■ **Your instructions**: Please reproduce all of the data below exactly, leaving each picture out.

[Records from a data collection]

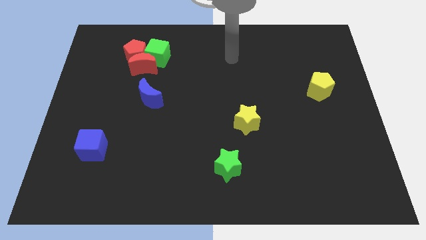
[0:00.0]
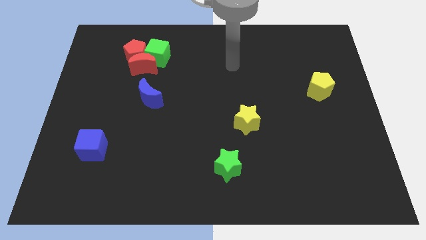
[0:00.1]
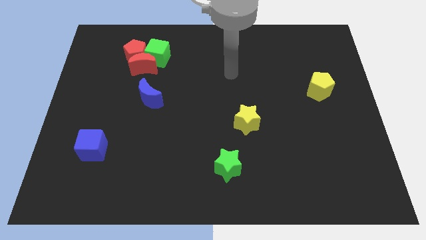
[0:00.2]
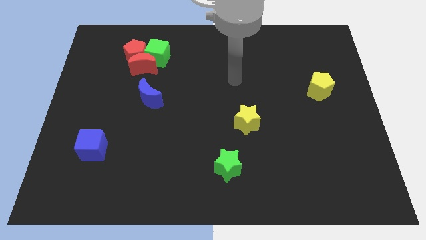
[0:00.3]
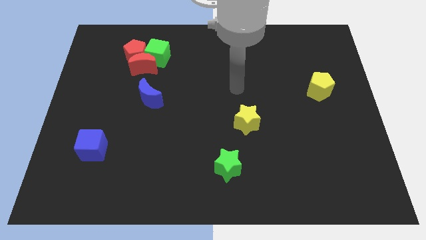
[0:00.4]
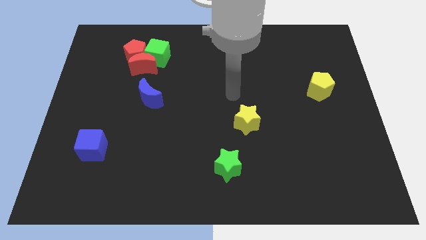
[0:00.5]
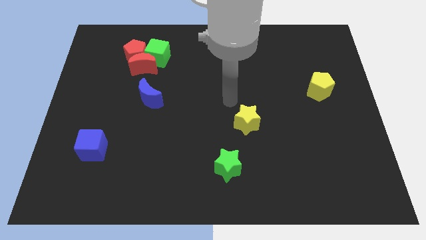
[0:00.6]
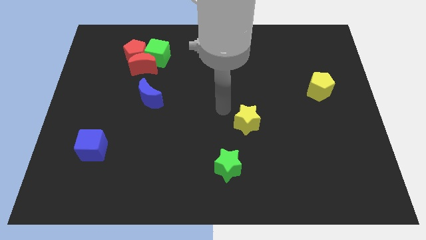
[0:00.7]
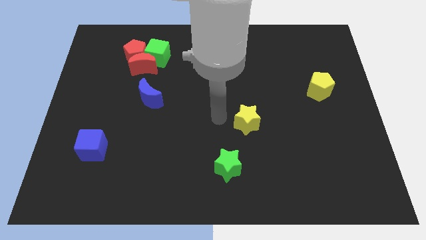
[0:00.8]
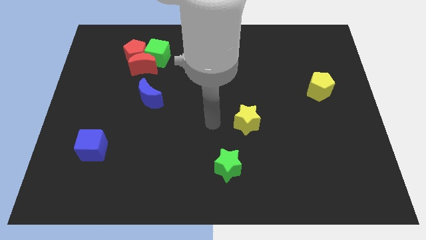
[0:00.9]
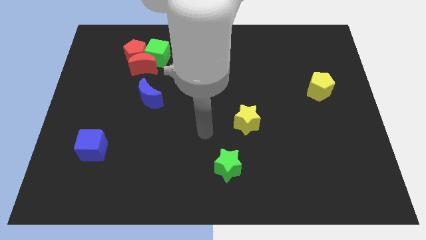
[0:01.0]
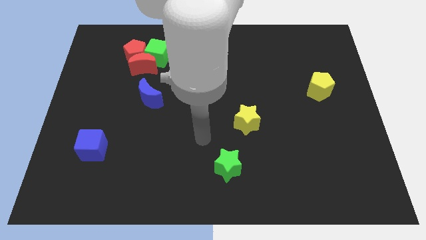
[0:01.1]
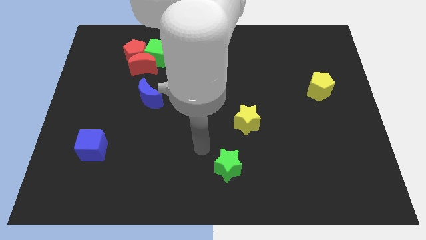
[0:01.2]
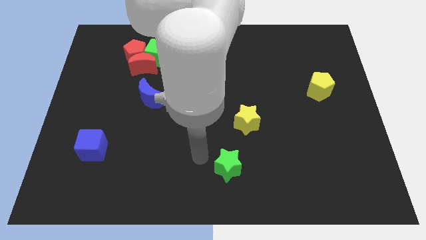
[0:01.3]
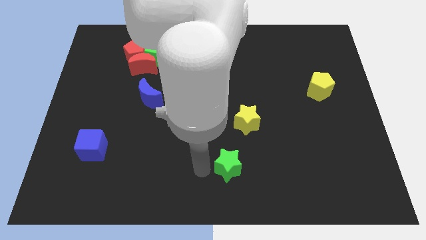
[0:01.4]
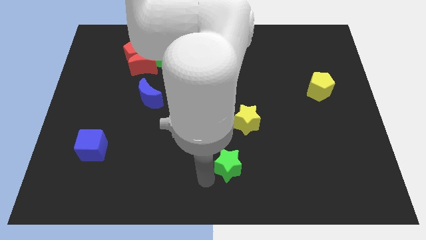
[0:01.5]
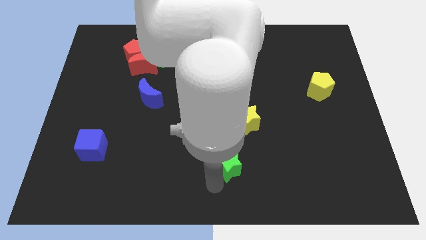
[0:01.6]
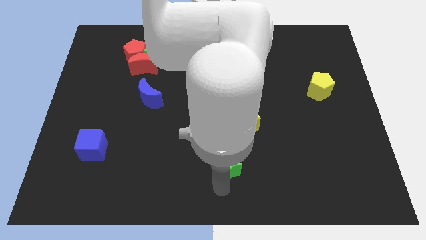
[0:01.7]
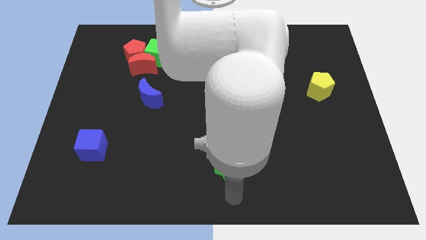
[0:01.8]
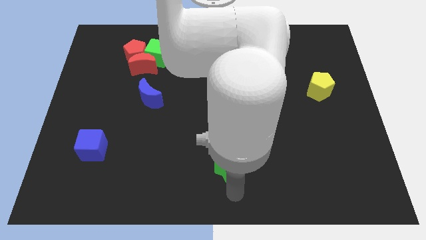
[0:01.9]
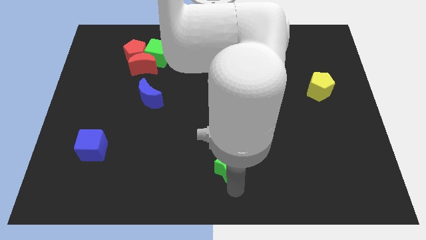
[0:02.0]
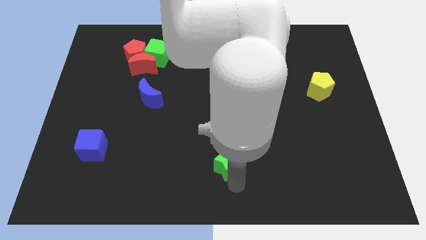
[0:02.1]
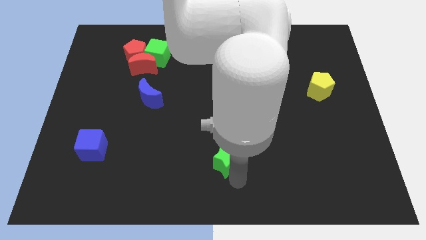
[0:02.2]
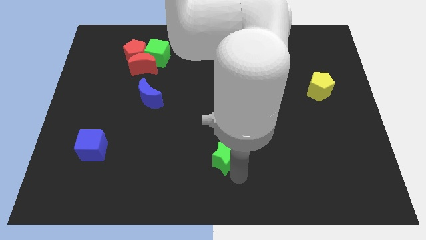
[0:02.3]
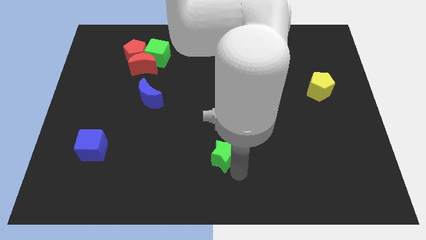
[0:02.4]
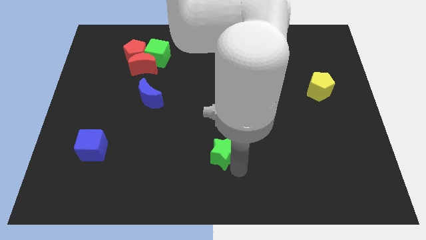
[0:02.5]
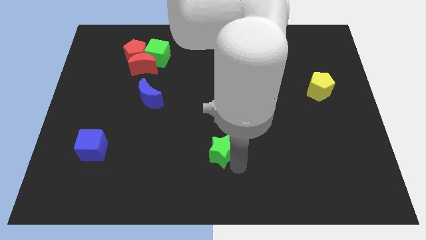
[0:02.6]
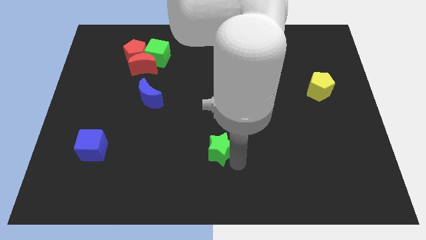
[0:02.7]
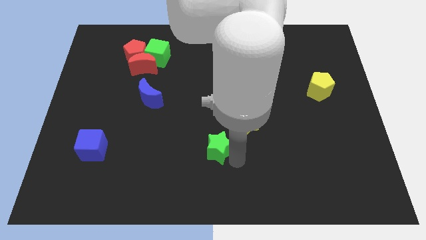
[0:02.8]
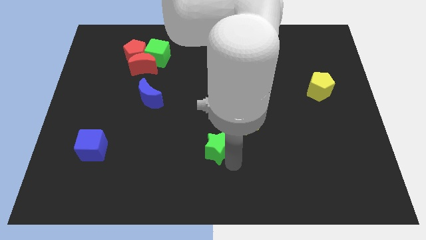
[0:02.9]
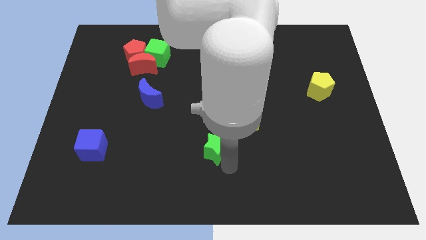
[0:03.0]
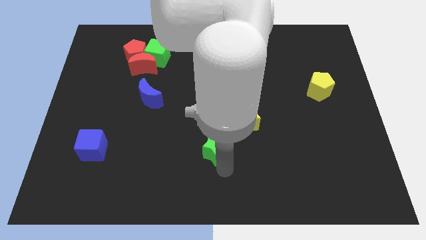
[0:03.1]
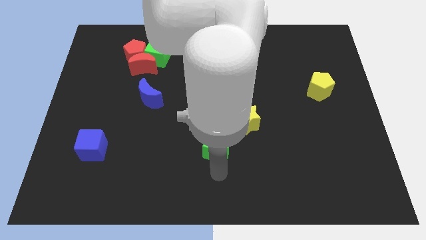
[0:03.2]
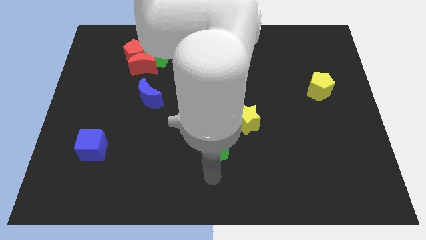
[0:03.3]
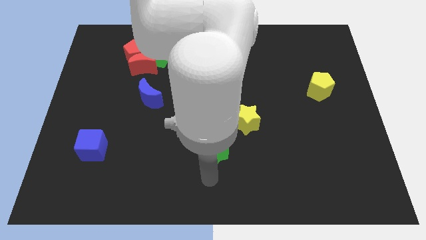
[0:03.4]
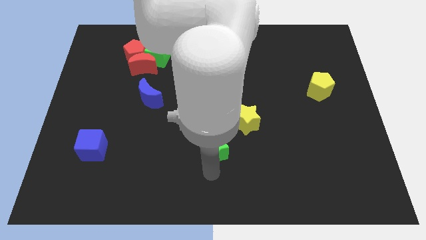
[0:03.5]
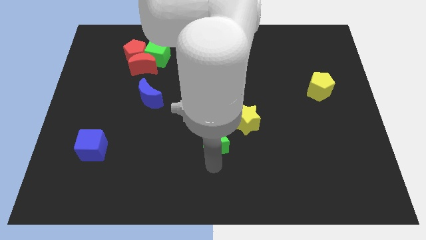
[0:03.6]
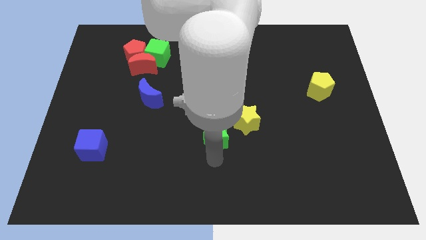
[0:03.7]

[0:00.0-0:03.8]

■ **Response box**:
[0:00.0]
[0:00.1]
[0:00.2]
[0:00.3]
[0:00.4]
[0:00.5]
[0:00.6]
[0:00.7]
[0:00.8]
[0:00.9]
[0:01.0]
[0:01.1]
[0:01.2]
[0:01.3]
[0:01.4]
[0:01.5]
[0:01.6]
[0:01.7]
[0:01.8]
[0:01.9]
[0:02.0]
[0:02.1]
[0:02.2]
[0:02.3]
[0:02.4]
[0:02.5]
[0:02.6]
[0:02.7]
[0:02.8]
[0:02.9]
[0:03.0]
[0:03.1]
[0:03.2]
[0:03.3]
[0:03.4]
[0:03.5]
[0:03.6]
[0:03.7]

[0:00.0-0:03.8]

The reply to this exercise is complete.